As we all know, in 1621, our Pilgrim fathers, thankful for a good harvest, threw a party for themselves and for neighboring Indians (who, we assume, happily attended and enjoyed the company of their new and generous neighbors, with whom they hoped to forge eternal bonds of friendship and equal partnership).  The Puritan tradition, which the pilgrims brought with them from England, often observed special days of thanksgiving -- observed by fasting. 

But the pilgrims were already Americans, and Americans don't do fasting.  God loves a full stomach, we choose to believe.  Bring on the stuffed turkey, the pilgrims might have said, although they probably actually ate mainly corn and squash.
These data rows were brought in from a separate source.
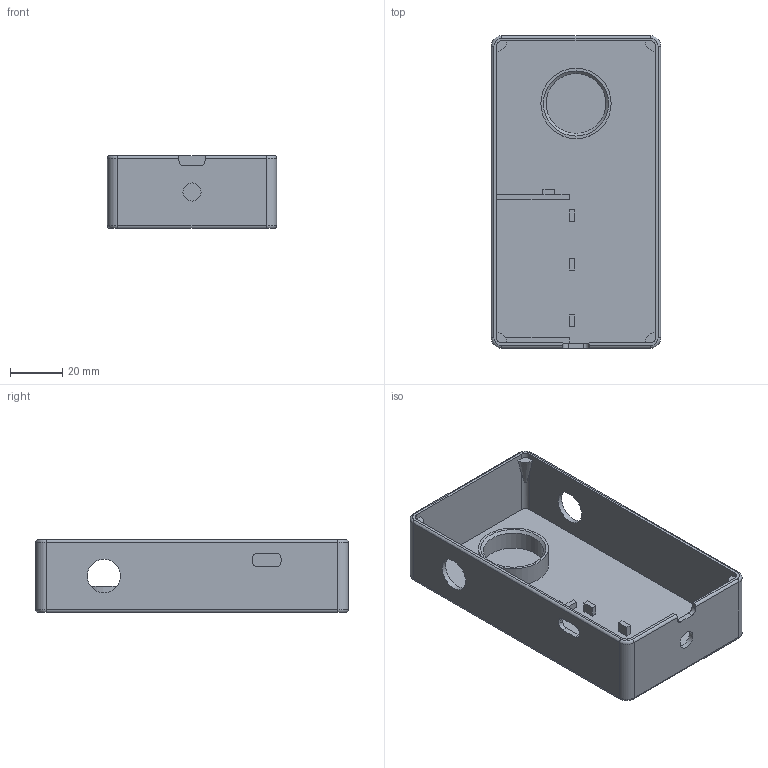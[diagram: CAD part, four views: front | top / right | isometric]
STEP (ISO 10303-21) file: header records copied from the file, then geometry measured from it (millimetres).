
FILE_DESCRIPTION(/* description */ ('STEP AP242','CAx-IF Rec.Pracs.---Representation and Presentation of Product Manufacturing Information (PMI)---4.0---2014-10-13','CAx-IF Rec.Pracs.---3D Tessellated Geometry---0.4---2014-09-14','2;1','CAx-IF Rec.Pracs.---User Defined Attributes---1.5---2016-08-15'),/* implementation_level */ '2;1');
FILE_NAME(/* name */ '691ff23e128d41af871d32c0',/* time_stamp */ '2025-11-21T05:01:51Z',/* author */ (''),/* organization */ (''),/* preprocessor_version */ 'ST-DEVELOPER v20',/* originating_system */ 'ONSHAPE BY PTC INC, 1.206',/* authorisation */ ' ');
FILE_SCHEMA (('AP242_MANAGED_MODEL_BASED_3D_ENGINEERING_MIM_LF { 1 0 10303 442 1 1 4 }'));
Length unit declared in the file: millimetre
Products named in the file (1): Part 1
Bounding box: 65 x 120 x 28 mm (x, y, z)
Volume: 35047.5 mm3; surface area: 35628.5 mm2
Topology: 1 solids, 1 shells, 97 faces, 250 edges, 160 vertices
Faces by surface type: plane 52, cylinder 32, torus 8, cone 5
Full cylindrical faces by diameter (mm): 7 x1, 12.8 x2, 23 x1, 27 x1
Entity records: 3017 total; most frequent: CARTESIAN_POINT 582, DIRECTION 509, ORIENTED_EDGE 488, EDGE_CURVE 244, AXIS2_PLACEMENT_3D 171, LINE 167, VECTOR 167, VERTEX_POINT 160
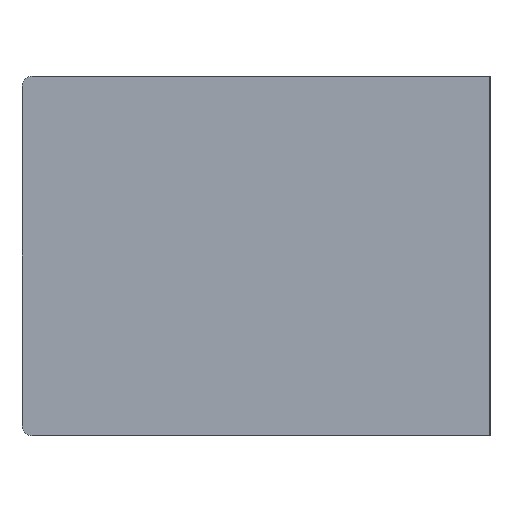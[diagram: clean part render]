
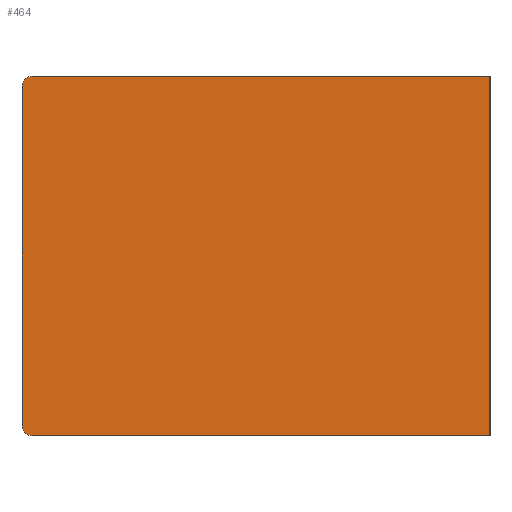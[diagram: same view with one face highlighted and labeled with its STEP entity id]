
A CAD part, left-side view. The second image highlights one B-rep face of the part: STEP entity #464.
In plain terms, the highlighted planar face has unit normal (-1, 0, 0).
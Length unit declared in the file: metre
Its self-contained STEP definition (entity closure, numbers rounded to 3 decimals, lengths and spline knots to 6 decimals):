
#42=CIRCLE('',#514,0.0004);
#43=CIRCLE('',#515,0.0004);
#89=ORIENTED_EDGE('',*,*,#217,.T.);
#90=ORIENTED_EDGE('',*,*,#218,.T.);
#91=ORIENTED_EDGE('',*,*,#213,.T.);
#92=ORIENTED_EDGE('',*,*,#197,.F.);
#93=ORIENTED_EDGE('',*,*,#219,.F.);
#94=ORIENTED_EDGE('',*,*,#220,.T.);
#197=EDGE_CURVE('',#262,#263,#307,.T.);
#213=EDGE_CURVE('',#278,#263,#316,.T.);
#217=EDGE_CURVE('',#280,#281,#319,.T.);
#218=EDGE_CURVE('',#281,#278,#42,.T.);
#219=EDGE_CURVE('',#282,#262,#320,.T.);
#220=EDGE_CURVE('',#282,#280,#43,.T.);
#262=VERTEX_POINT('',#703);
#263=VERTEX_POINT('',#705);
#278=VERTEX_POINT('',#746);
#280=VERTEX_POINT('',#753);
#281=VERTEX_POINT('',#754);
#282=VERTEX_POINT('',#757);
#307=LINE('',#704,#343);
#316=LINE('',#745,#352);
#319=LINE('',#752,#355);
#320=LINE('',#756,#356);
#343=VECTOR('',#566,1.);
#352=VECTOR('',#593,1.);
#355=VECTOR('',#600,1.);
#356=VECTOR('',#603,1.);
#381=EDGE_LOOP('',(#89,#90,#91,#92,#93,#94));
#417=FACE_BOUND('',#381,.T.);
#448=PLANE('',#513);
#464=ADVANCED_FACE('',(#417),#448,.T.);
#513=AXIS2_PLACEMENT_3D('',#751,#598,#599);
#514=AXIS2_PLACEMENT_3D('',#755,#601,#602);
#515=AXIS2_PLACEMENT_3D('',#758,#604,#605);
#566=DIRECTION('',(0.,0.,-1.));
#593=DIRECTION('',(0.,-1.,0.));
#598=DIRECTION('',(-1.,0.,0.));
#599=DIRECTION('',(0.,-1.,0.));
#600=DIRECTION('',(0.,0.,-1.));
#601=DIRECTION('',(-1.,0.,0.));
#602=DIRECTION('',(0.,-1.,0.));
#603=DIRECTION('',(0.,-1.,0.));
#604=DIRECTION('',(-1.,0.,0.));
#605=DIRECTION('',(0.,-1.,0.));
#703=CARTESIAN_POINT('',(-0.016925,0.001,0.048996));
#704=CARTESIAN_POINT('',(-0.016925,0.001,0.042046));
#705=CARTESIAN_POINT('',(-0.016925,0.001,0.035096));
#745=CARTESIAN_POINT('',(-0.016925,0.0191,0.035096));
#746=CARTESIAN_POINT('',(-0.016925,0.0187,0.035096));
#751=CARTESIAN_POINT('',(-0.016925,0.0191,0.042046));
#752=CARTESIAN_POINT('',(-0.016925,0.0191,0.042046));
#753=CARTESIAN_POINT('',(-0.016925,0.0191,0.048596));
#754=CARTESIAN_POINT('',(-0.016925,0.0191,0.035496));
#755=CARTESIAN_POINT('',(-0.016925,0.0187,0.035496));
#756=CARTESIAN_POINT('',(-0.016925,0.0191,0.048996));
#757=CARTESIAN_POINT('',(-0.016925,0.0187,0.048996));
#758=CARTESIAN_POINT('',(-0.016925,0.0187,0.048596));

Jumping ahead 150 years or so -- most of which were unpleasantly nonfestive, as a quick reading of Hawthorne's Scarlet Letter will suggest -- we see George Washington proclaiming November 26, 1789, as a day of public thanksgiving and prayer.  The holiday was still somewhat embryonic -- the president made no mention of 18-pound turkeys with all the trimmings, followed by the celebrants' rolling around in pain on the floor, suffering the after-effects of their gluttony and barely able to attack the forthcoming mince and pumpkin pies..

Nor was any mention yet made of Black Friday sales commencing on Thursday evening.

In fact, no mention was made of Thursdays.  But, Wikipedia assures me, by the beginning of the nineteenth century, most states did observe the Thanksgiving celebration -- be it fast, feast, or exercise in gourmandism -- on the last Thursday of November.  Abe Lincoln made it official, nationally, in 1863, although the South -- as is its wont -- was a bit slow to go along.

By the twentieth century, the day after Thanksgiving had become the de facto start of the national Christmas gift-buying orgy.  Merchants were devastated whenever November had five Thursdays, meaning that the commercial bonanza couldn't begin until November 30 at the earliest.  Congress came to their rescue, and in 1943 FDR signed a resolution ensuring that the holiday would begin always on the fourth Thursday in November.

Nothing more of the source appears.